Engineering vacancy and hydrophobicity of two-dimensional TaTe(2) for efficient and stable electrocatalytic N(2) reduction

Demand for ammonia continues to increase to sustain the growing global population. The direct electrochemical N(2) reduction reaction (NRR) powered by renewable electricity offers a promising carbon-neutral and sustainable strategy for manufacturing NH(3), yet achieving this remains a grand challenge. Here, we report a synergistic strategy to promote ambient NRR for ammonia production by tuning the Te vacancies (V(Te)) and surface hydrophobicity of two-dimensional TaTe(2) nanosheets. Remarkable NH(3) faradic efficiency of up to 32.2% is attained at a mild overpotential, which is largely maintained even after 100 h of consecutive electrolysis. Isotopic labeling validates that the N atoms of formed NH(4)(+) originate from N(2).

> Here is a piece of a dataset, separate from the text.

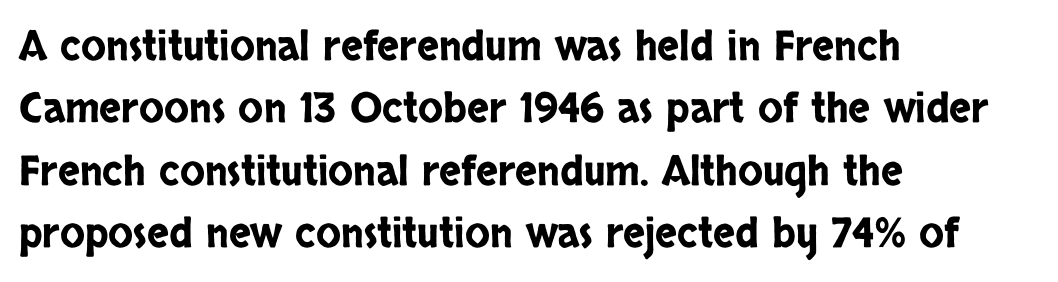
Plain, unruled lines of type. You can tell it's not italic because the verticals are truly vertical. Is this a sans? Yes — the strokes have no serifs. The compositor pushed each line to the left boundary. A normal amount of white space separates one row of letters from the next. The gaps between neighbouring characters are ordinary and unremarkable.
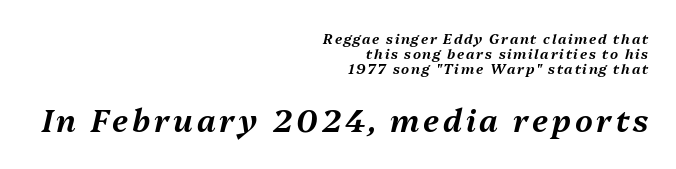
The image shows 31 px text type, italic (leaning right); set right-aligned, tight line spacing (1.06x), not underlined; the second (bottom) block is 2.21x larger; medium stroke contrast and a medium x-height.

In situ X-ray diffraction indicates preservation of the crystalline structure of TaTe(2) during NRR. Further density functional theory calculations reveal that the potential-determining step (PDS) is ∗NH(2) + (H(+) + e(–)) → NH(3) on V(Te)-TaTe(2) compared with that of ∗ + N(2) + (H(+) + e(–)) → ∗N–NH on TaTe(2). We identify that the edge plane of TaTe(2) and V(Te) serve as the main active sites for NRR. The free energy change at PDS on V(Te)-TaTe(2) is comparable with the values at the top of the NRR volcano plots on various transition metal surfaces.